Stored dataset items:
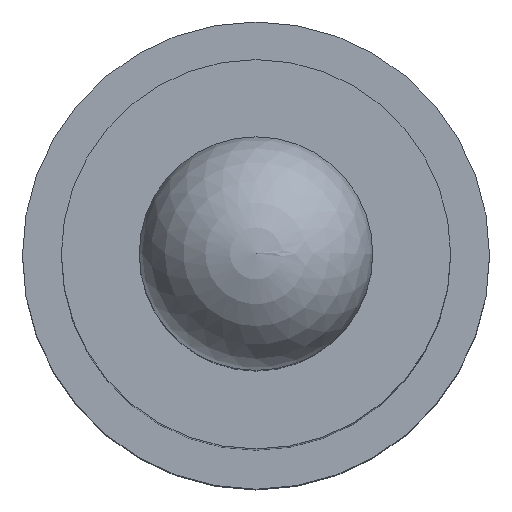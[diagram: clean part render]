
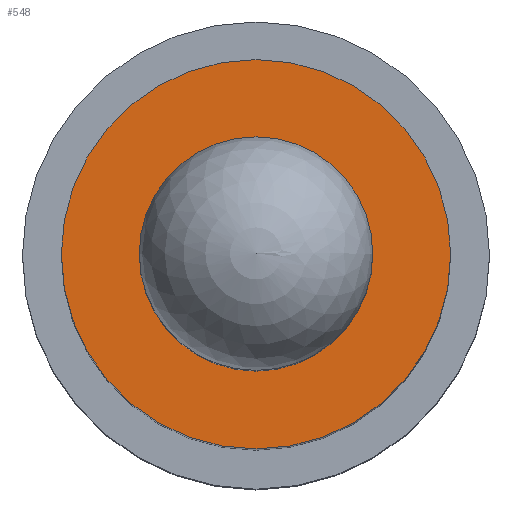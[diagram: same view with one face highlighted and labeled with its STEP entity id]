
A CAD part, top view. The second image highlights one B-rep face of the part: STEP entity #548.
In plain terms, the highlighted planar face has unit normal (0, 0, 1).
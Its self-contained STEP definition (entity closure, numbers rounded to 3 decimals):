
#26 = FACE_OUTER_BOUND ( 'NONE', #655, .T. ) ;
#42 = AXIS2_PLACEMENT_3D ( 'NONE', #873, #245, #556 ) ;
#78 = AXIS2_PLACEMENT_3D ( 'NONE', #121, #428, #258 ) ;
#92 = CARTESIAN_POINT ( 'NONE',  ( 0., 0., 50. ) ) ;
#121 = CARTESIAN_POINT ( 'NONE',  ( 0., 0., 50. ) ) ;
#147 = VERTEX_POINT ( 'NONE', #242 ) ;
#196 = CARTESIAN_POINT ( 'NONE',  ( 5., 0., 50. ) ) ;
#203 = DIRECTION ( 'NONE',  ( 0., 0., 1. ) ) ;
#222 = EDGE_CURVE ( 'NONE', #915, #486, #1016, .T. ) ;
#242 = CARTESIAN_POINT ( 'NONE',  ( -3., 0., 50. ) ) ;
#245 = DIRECTION ( 'NONE',  ( 0., 0., 1. ) ) ;
#258 = DIRECTION ( 'NONE',  ( 1., 0., 0. ) ) ;
#280 = EDGE_CURVE ( 'NONE', #635, #147, #324, .T. ) ;
#285 = CIRCLE ( 'NONE', #78, 5. ) ;
#315 = FACE_BOUND ( 'NONE', #757, .T. ) ;
#324 = CIRCLE ( 'NONE', #530, 3. ) ;
#332 = DIRECTION ( 'NONE',  ( 0., 0., 1. ) ) ;
#338 = ORIENTED_EDGE ( 'NONE', *, *, #222, .T. ) ;
#390 = DIRECTION ( 'NONE',  ( 1., 0., 0. ) ) ;
#425 = ORIENTED_EDGE ( 'NONE', *, *, #680, .F. ) ;
#428 = DIRECTION ( 'NONE',  ( 0., 0., 1. ) ) ;
#486 = VERTEX_POINT ( 'NONE', #771 ) ;
#511 = CARTESIAN_POINT ( 'NONE',  ( 0., 0., 50. ) ) ;
#530 = AXIS2_PLACEMENT_3D ( 'NONE', #511, #203, #829 ) ;
#548 = ADVANCED_FACE ( 'NONE', ( #315, #26 ), #721, .T. ) ;
#556 = DIRECTION ( 'NONE',  ( 1., 0., 0. ) ) ;
#557 = AXIS2_PLACEMENT_3D ( 'NONE', #877, #565, #390 ) ;
#565 = DIRECTION ( 'NONE',  ( 0., 0., 1. ) ) ;
#595 = CIRCLE ( 'NONE', #557, 3. ) ;
#635 = VERTEX_POINT ( 'NONE', #794 ) ;
#655 = EDGE_LOOP ( 'NONE', ( #793, #338 ) ) ;
#680 = EDGE_CURVE ( 'NONE', #147, #635, #595, .T. ) ;
#708 = DIRECTION ( 'NONE',  ( 1., 0., 0. ) ) ;
#721 = PLANE ( 'NONE',  #874 ) ;
#757 = EDGE_LOOP ( 'NONE', ( #425, #990 ) ) ;
#771 = CARTESIAN_POINT ( 'NONE',  ( -5., 0., 50. ) ) ;
#773 = EDGE_CURVE ( 'NONE', #486, #915, #285, .T. ) ;
#793 = ORIENTED_EDGE ( 'NONE', *, *, #773, .T. ) ;
#794 = CARTESIAN_POINT ( 'NONE',  ( 3., 0., 50. ) ) ;
#829 = DIRECTION ( 'NONE',  ( 1., 0., 0. ) ) ;
#873 = CARTESIAN_POINT ( 'NONE',  ( 0., 0., 50. ) ) ;
#874 = AXIS2_PLACEMENT_3D ( 'NONE', #92, #332, #708 ) ;
#877 = CARTESIAN_POINT ( 'NONE',  ( 0., 0., 50. ) ) ;
#915 = VERTEX_POINT ( 'NONE', #196 ) ;
#990 = ORIENTED_EDGE ( 'NONE', *, *, #280, .F. ) ;
#1016 = CIRCLE ( 'NONE', #42, 5. ) ;

Problem to solve:
Send back an exact copy of only the lines from the line with "#511 = CARTESIAN_POINT" up to and including the line with "#595 = CIRCLE ( 'NONE', #557, 3. ) ;" in the data above.

Reply:
#511 = CARTESIAN_POINT ( 'NONE',  ( 0., 0., 50. ) ) ;
#530 = AXIS2_PLACEMENT_3D ( 'NONE', #511, #203, #829 ) ;
#548 = ADVANCED_FACE ( 'NONE', ( #315, #26 ), #721, .T. ) ;
#556 = DIRECTION ( 'NONE',  ( 1., 0., 0. ) ) ;
#557 = AXIS2_PLACEMENT_3D ( 'NONE', #877, #565, #390 ) ;
#565 = DIRECTION ( 'NONE',  ( 0., 0., 1. ) ) ;
#595 = CIRCLE ( 'NONE', #557, 3. ) ;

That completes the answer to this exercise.